Technical information was last verified on April 2026. The AI/LLM field moves fast — re-check official docs if more than 6 months have passed.
Who should read this
TL;DR: If you think RAG is “throw documents into a vector DB and search,” your system will fail in production. You need to design five layers — chunking, retrieval, reranking, query transformation, and evaluation — and each layer’s accuracy compounds multiplicatively into overall reliability. 95% x 95% x 95% x 95% x 95% = 77%. Drop any single layer and the whole pipeline collapses.
This article is for backend and ML engineers bringing RAG systems to production. All benchmarks and ecosystem references are current as of April 2026.

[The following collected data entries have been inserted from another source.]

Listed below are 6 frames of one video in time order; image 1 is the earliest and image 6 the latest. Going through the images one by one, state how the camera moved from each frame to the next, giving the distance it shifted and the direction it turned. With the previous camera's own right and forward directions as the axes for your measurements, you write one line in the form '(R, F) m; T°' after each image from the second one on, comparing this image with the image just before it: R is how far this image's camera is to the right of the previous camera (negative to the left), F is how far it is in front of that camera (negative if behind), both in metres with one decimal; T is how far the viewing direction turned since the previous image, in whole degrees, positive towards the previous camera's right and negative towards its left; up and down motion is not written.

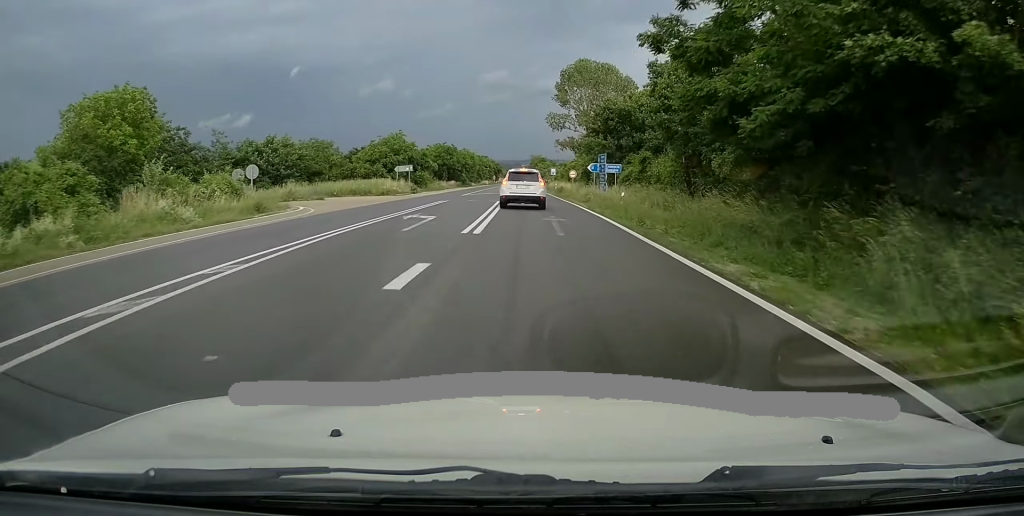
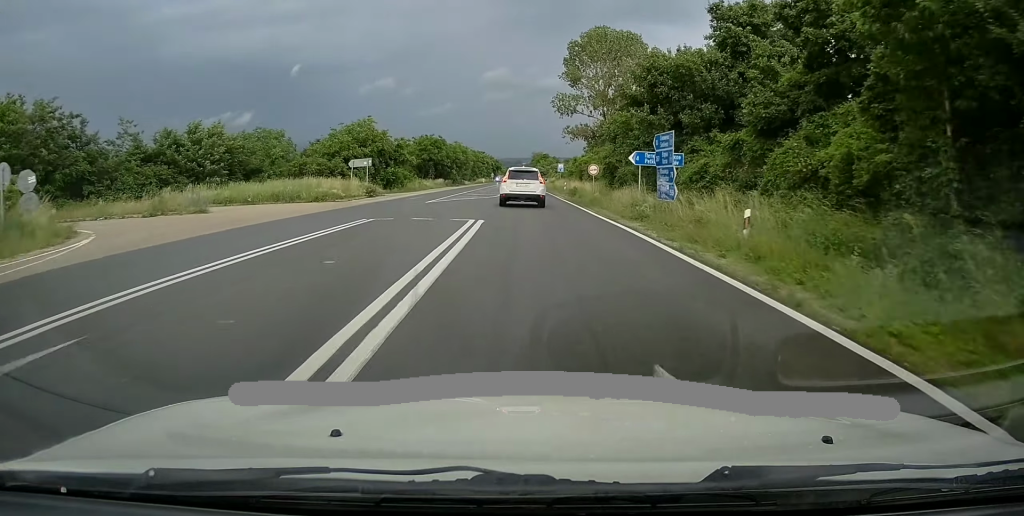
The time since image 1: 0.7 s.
(-0.2, +17.2) m; 0°
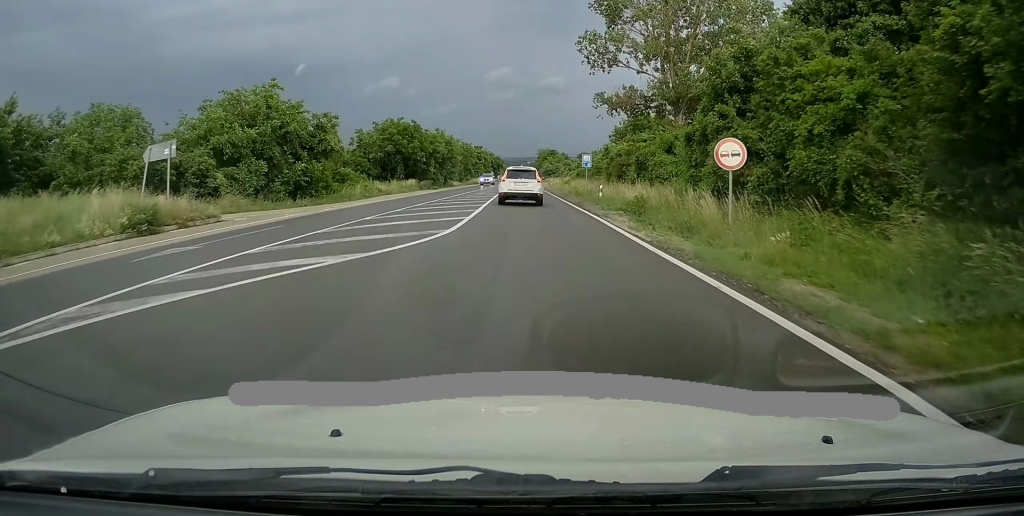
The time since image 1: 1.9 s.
(+0.2, +27.4) m; 0°
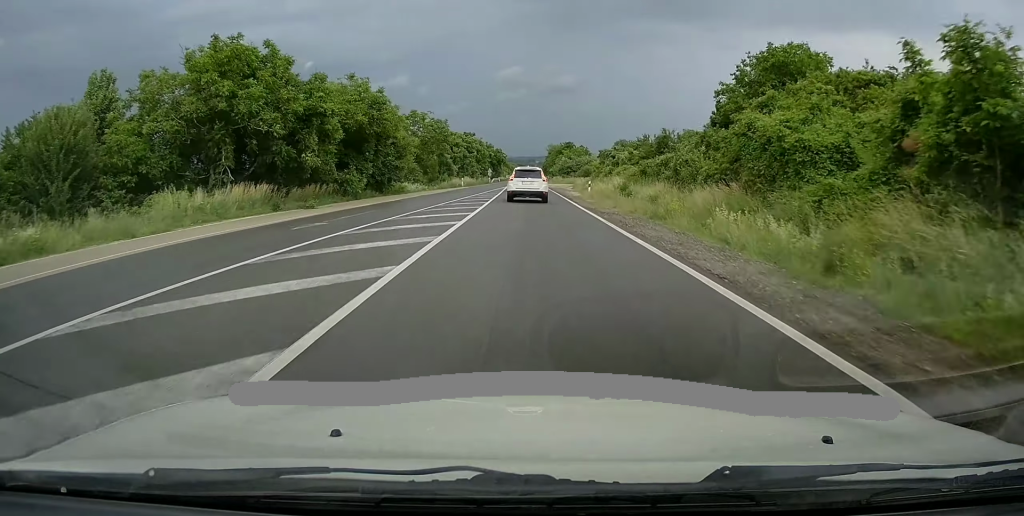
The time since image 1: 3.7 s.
(-0.5, +42.9) m; 0°
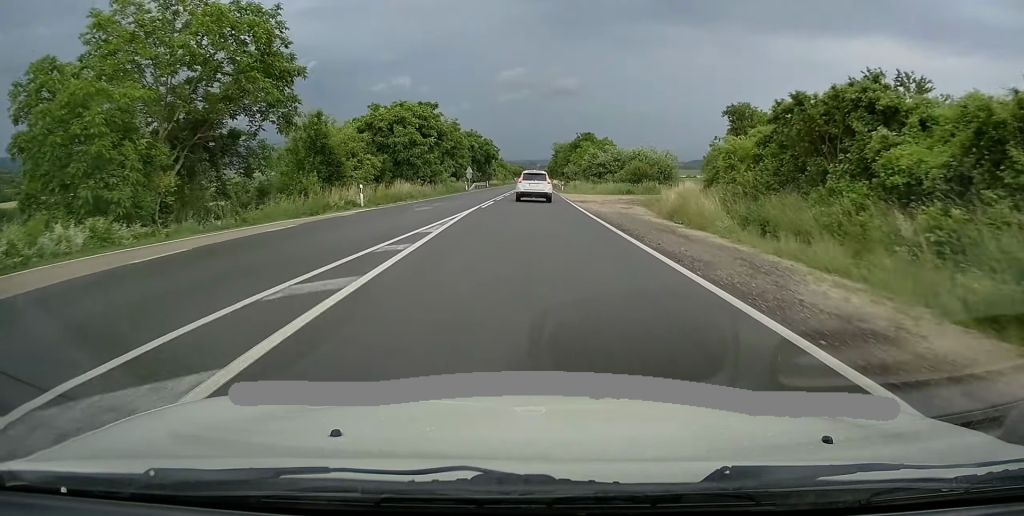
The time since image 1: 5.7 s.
(+0.7, +47.0) m; +1°
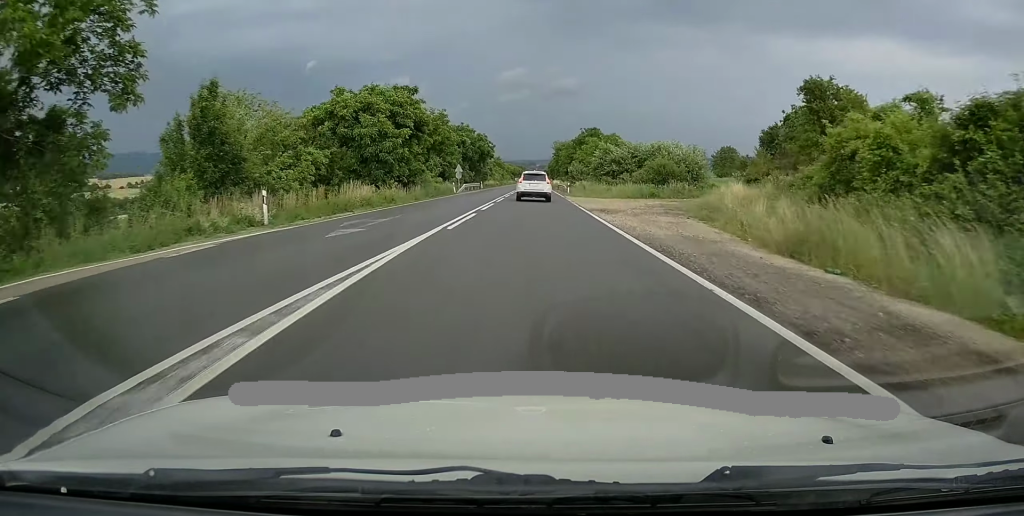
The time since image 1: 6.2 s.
(-0.2, +11.0) m; -1°

The five-layer architecture
| Layer | Role | Failure symptom | |
|---|---|---|---|
| 1 | Chunking | Document to semantic units | Retrieval hits the right doc but the answer is incomplete |
| 2 | Retrieval | Query to top-k relevant chunks | Completely irrelevant documents returned |
| 3 | Reranking | Top-k to precision-reordered results | Relevant documents exist but fall outside the ranking window |
| 4 | Query transformation | User question to search-optimized query | Conversational queries fail to retrieve anything useful |
| 5 | Evaluation & monitoring | Pipeline health measurement | Quality degrades silently with no one noticing |
Layer 1 — Chunking strategy
Chunking is the first and most underestimated design decision in any RAG pipeline. Changing your chunking strategy has a bigger impact on retrieval accuracy than swapping your embedding model.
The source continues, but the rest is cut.